• Task objective: Would you transcribe each entry that follows word for word, minus the images?

====

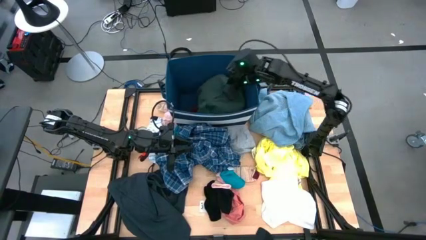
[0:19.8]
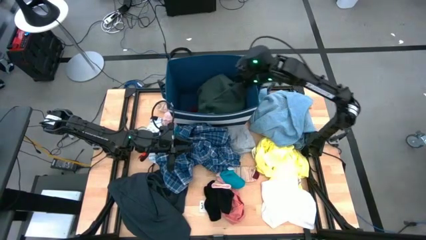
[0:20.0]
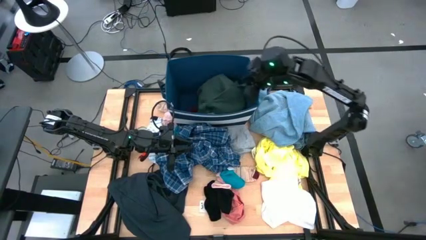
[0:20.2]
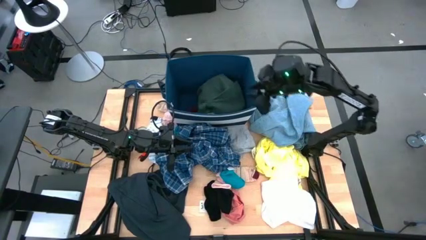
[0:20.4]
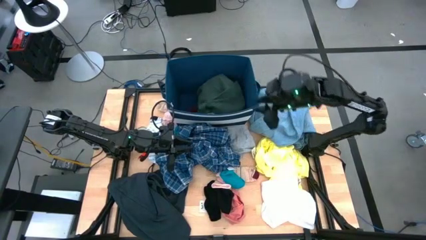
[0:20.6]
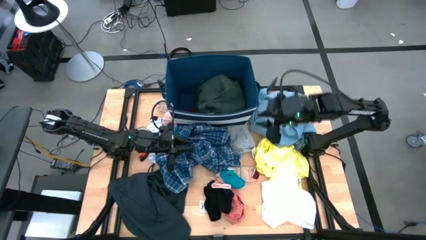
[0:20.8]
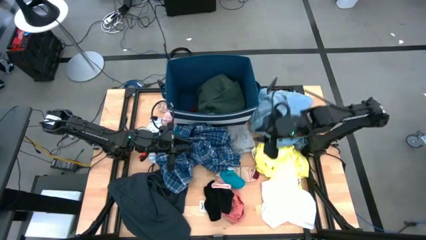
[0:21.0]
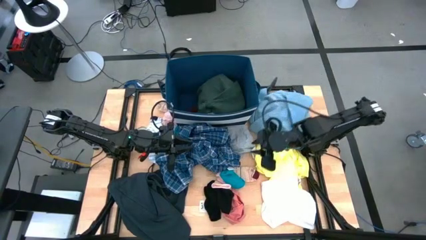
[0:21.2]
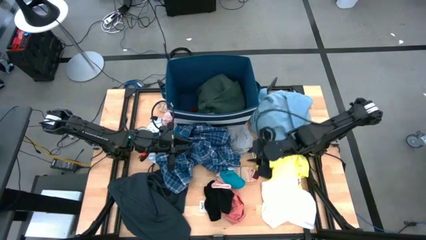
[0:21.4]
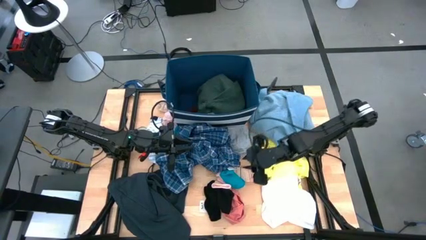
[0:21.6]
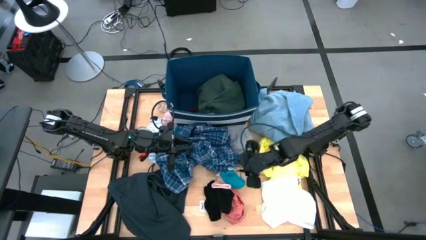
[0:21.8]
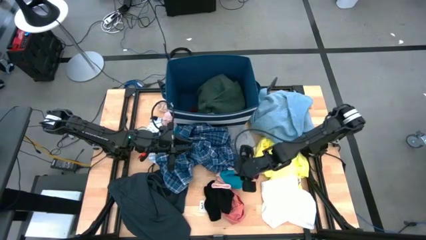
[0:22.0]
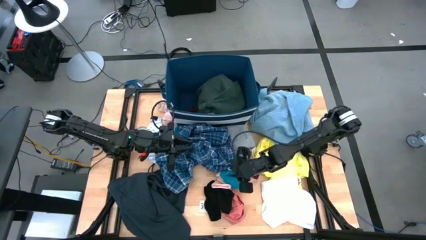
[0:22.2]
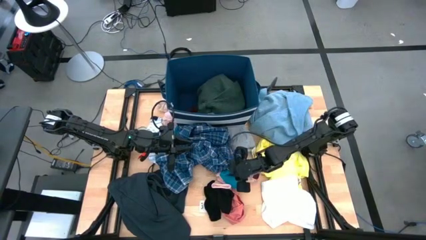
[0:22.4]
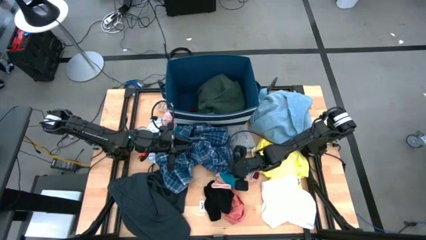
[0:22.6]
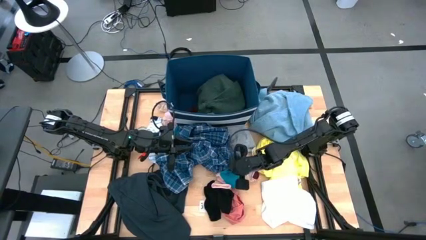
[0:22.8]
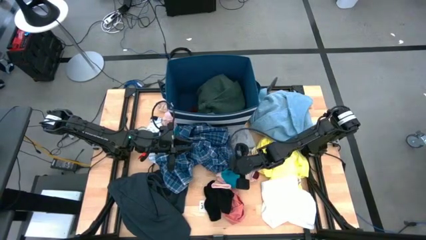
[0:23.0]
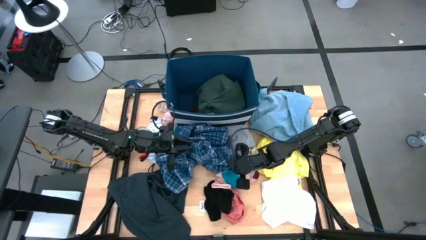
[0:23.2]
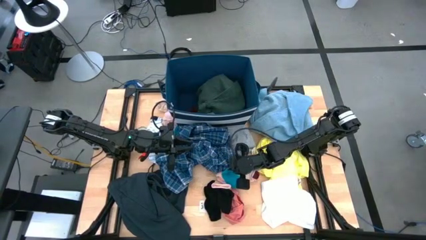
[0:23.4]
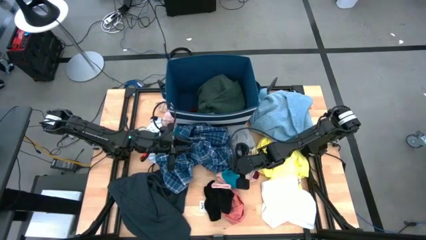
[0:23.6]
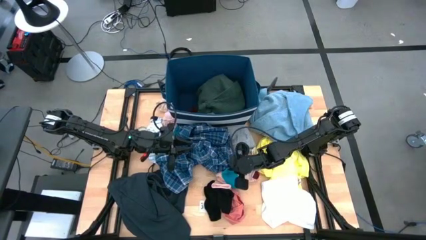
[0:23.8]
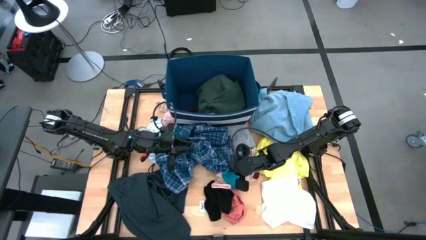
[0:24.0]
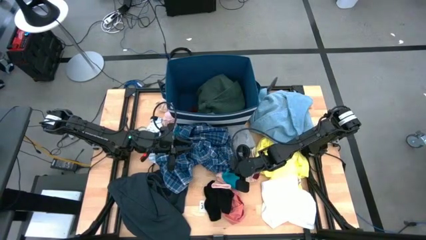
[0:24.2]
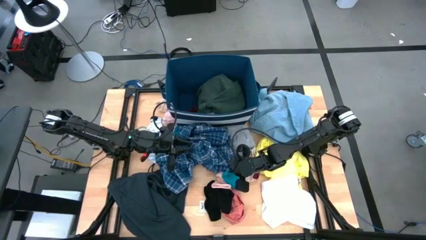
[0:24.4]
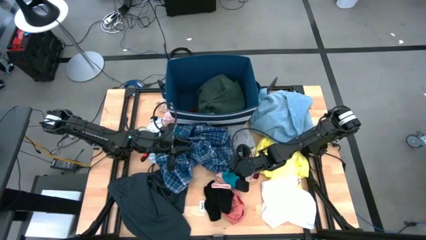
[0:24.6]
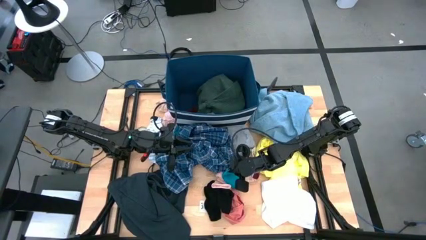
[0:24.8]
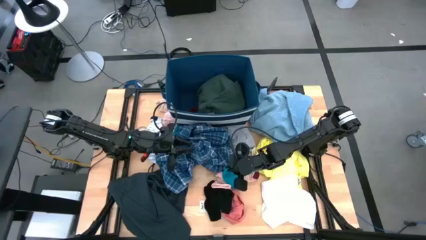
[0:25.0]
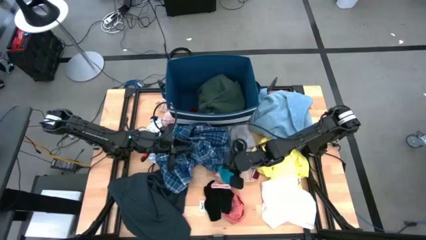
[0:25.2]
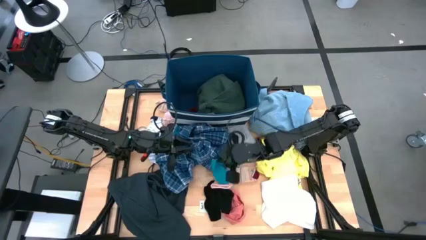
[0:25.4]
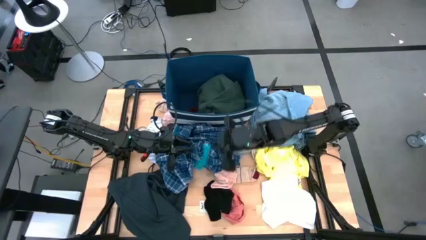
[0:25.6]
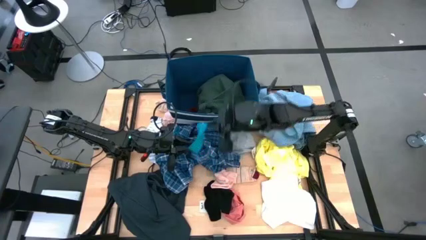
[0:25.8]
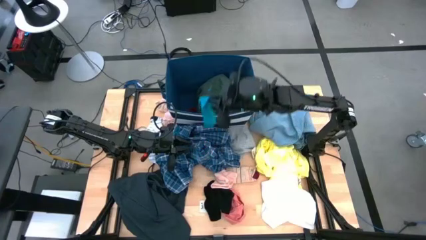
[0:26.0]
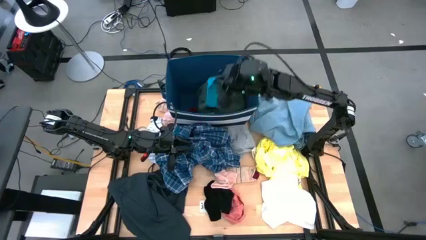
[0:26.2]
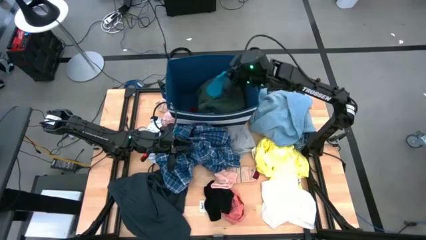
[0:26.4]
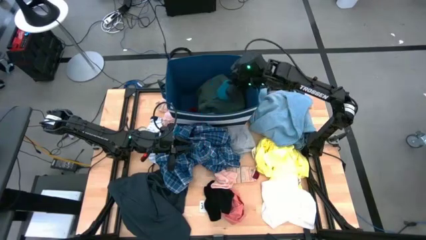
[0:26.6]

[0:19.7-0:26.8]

====

• Result of the task:
[0:19.8]
[0:20.0]
[0:20.2]
[0:20.4]
[0:20.6]
[0:20.8]
[0:21.0]
[0:21.2]
[0:21.4]
[0:21.6]
[0:21.8]
[0:22.0]
[0:22.2]
[0:22.4]
[0:22.6]
[0:22.8]
[0:23.0]
[0:23.2]
[0:23.4]
[0:23.6]
[0:23.8]
[0:24.0]
[0:24.2]
[0:24.4]
[0:24.6]
[0:24.8]
[0:25.0]
[0:25.2]
[0:25.4]
[0:25.6]
[0:25.8]
[0:26.0]
[0:26.2]
[0:26.4]
[0:26.6]

[0:19.7-0:26.8]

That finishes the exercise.